Natalie, benumbed by surprise, sank down upon the divan. A feeling of boundless anxiety, of immeasurable ecstasy suddenly overcame her. She could have fled, but she felt as if spell-bound; she could have concealed herself from him, and yet was joyfully ready to purchase with her life the happiness of seeing him. It was a strange mixture of delight and terror, of happiness and despair. She spread her arms toward heaven, she sought to pray, but she had no words, no thoughts, not even tears!
A slight rustle made her rise. Almost with terror flew her glance through the suite of rooms. There below she saw the approach of something strange, singular, magical. It was a never-before-seen form, but surrounded by a wonderfully bright halo, enveloped in rich, glittering garments, such as she had never before seen. It was a strange, unknown face, but of a sublime, heroic beauty, proud and noble, bold and mild.

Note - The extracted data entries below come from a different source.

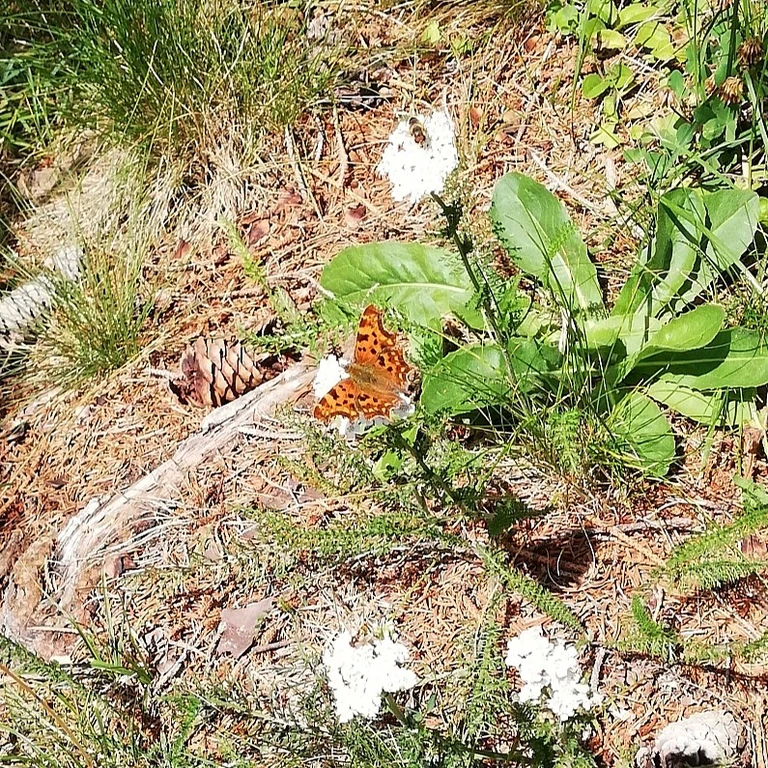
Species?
Polygonia c-album
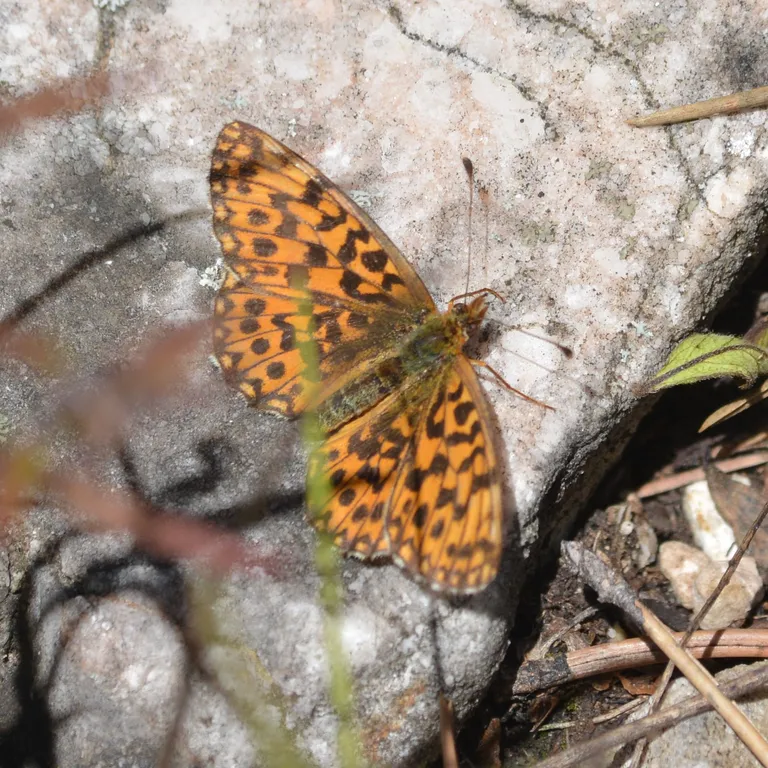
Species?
Boloria dia
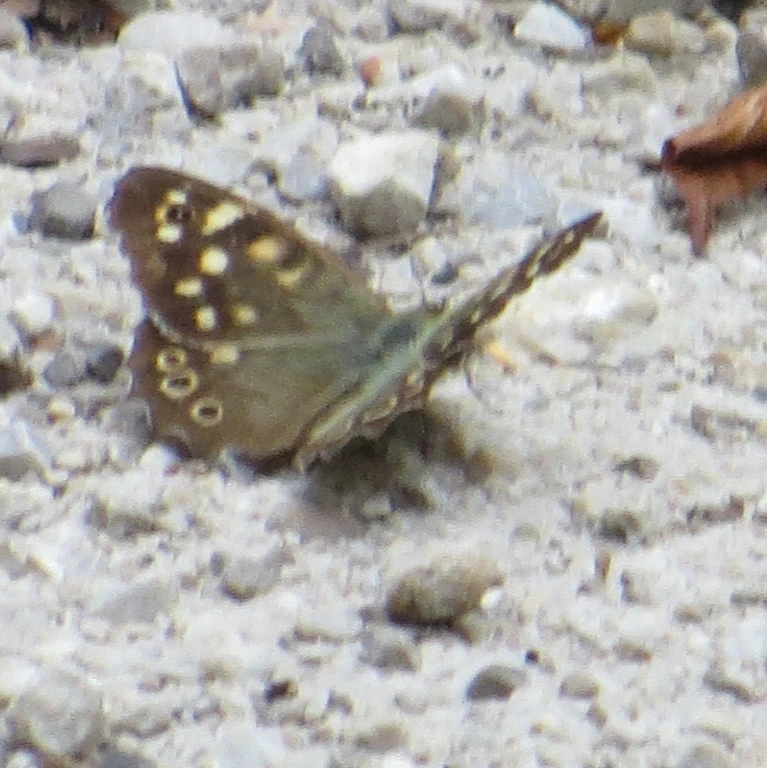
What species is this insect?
Pararge aegeria
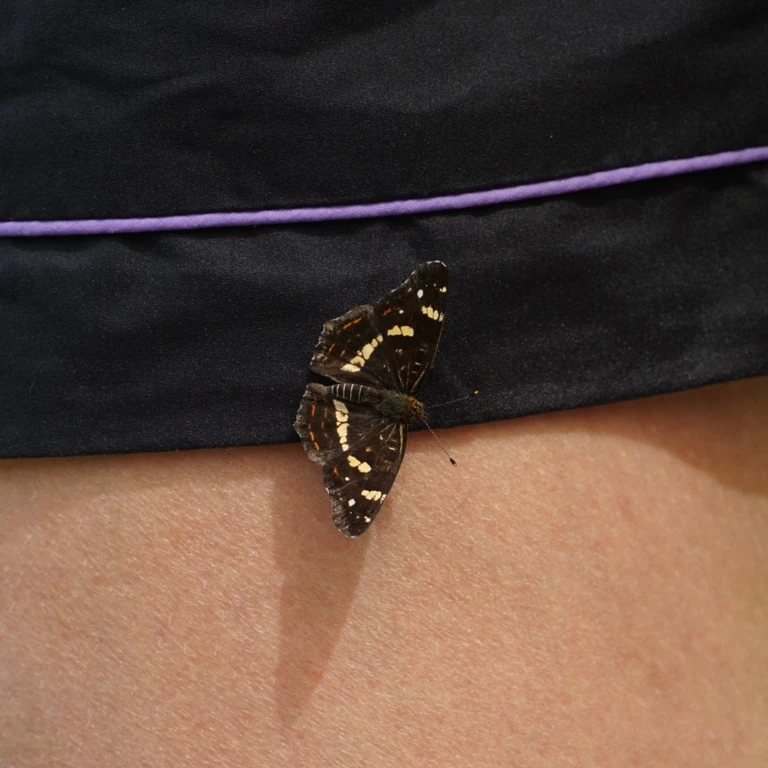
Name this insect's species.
Araschnia levana
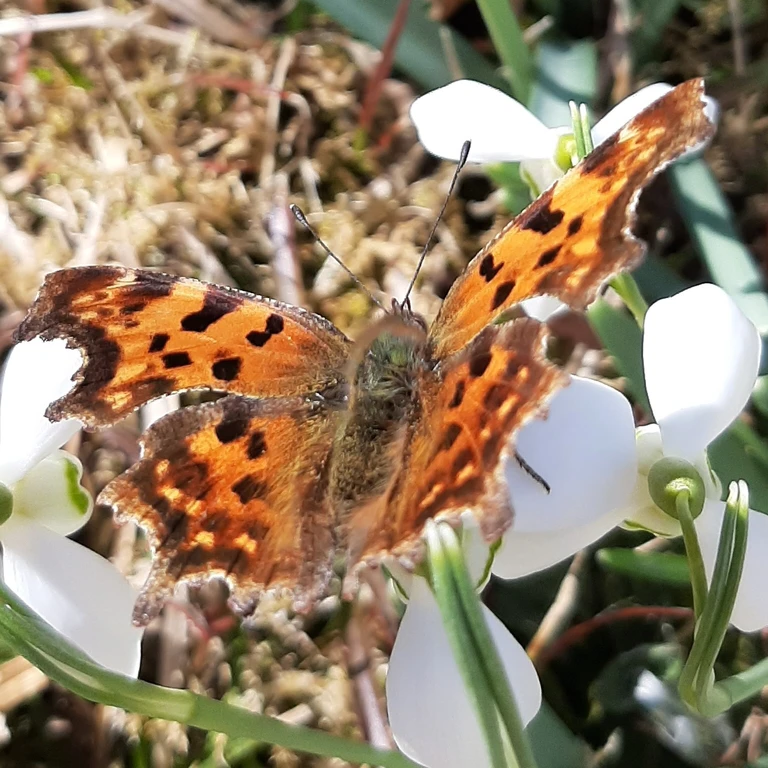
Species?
Polygonia c-album
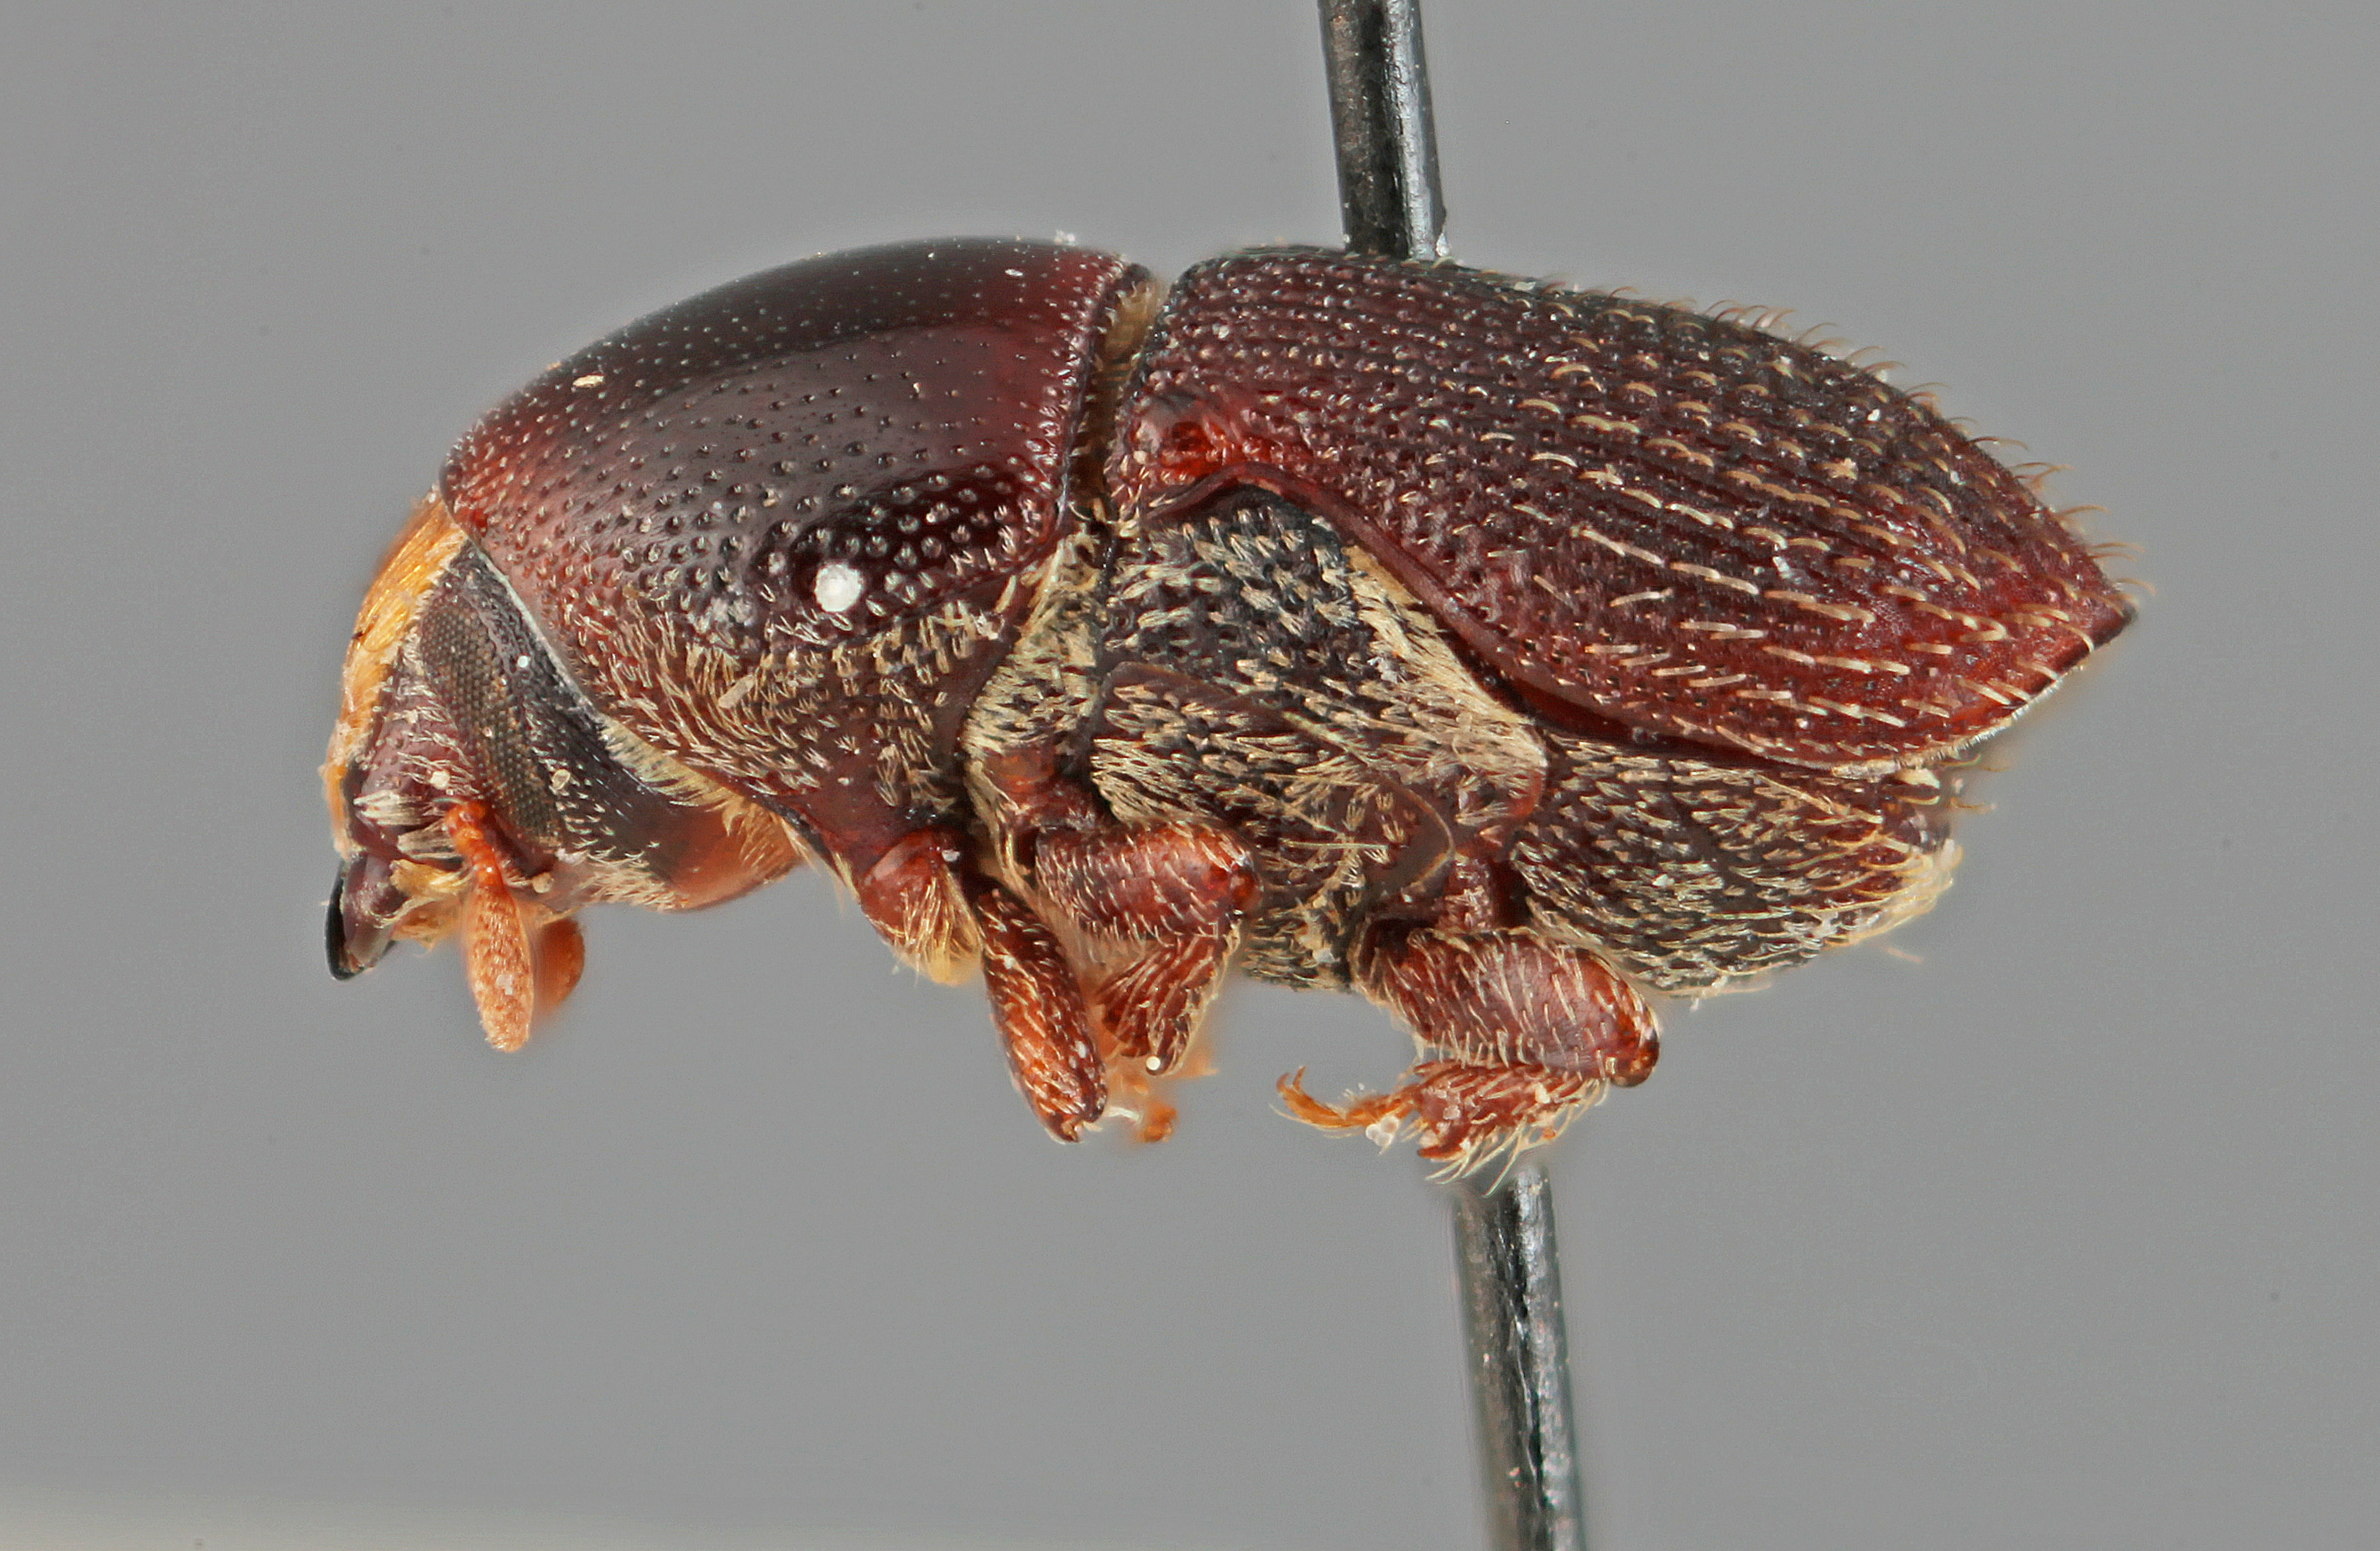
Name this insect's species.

“That is he!” she breathlessly and sadly murmured–“yes, that is he! That is a man and a hero! Ah, I shall die under his glance!”
He still continued to approach, and with every forward step he made she felt her heart contract with anxiety, admiration, and a feverish sadness.
Now he stood on the threshold of the boudoir–his glance fell upon her. And she? She lay, or rather half knelt upon the divan, motionless, pale as a marble statue, with that divine smile which we admire in ancient sculpture.
Touching was she to behold, white and delicate as a lily, so humble and devoted, so shelter-needing and love-imploring!
But Count Orloff felt neither sympathy nor compassion. He saw only that she was beautiful as an angel, an admirable woman, whom he desired to possess!
Proud as a king, and at the same time very reverential and submissive, he approached and sank upon his knee before the divan upon which she reclined in trembling yet blissful sadness.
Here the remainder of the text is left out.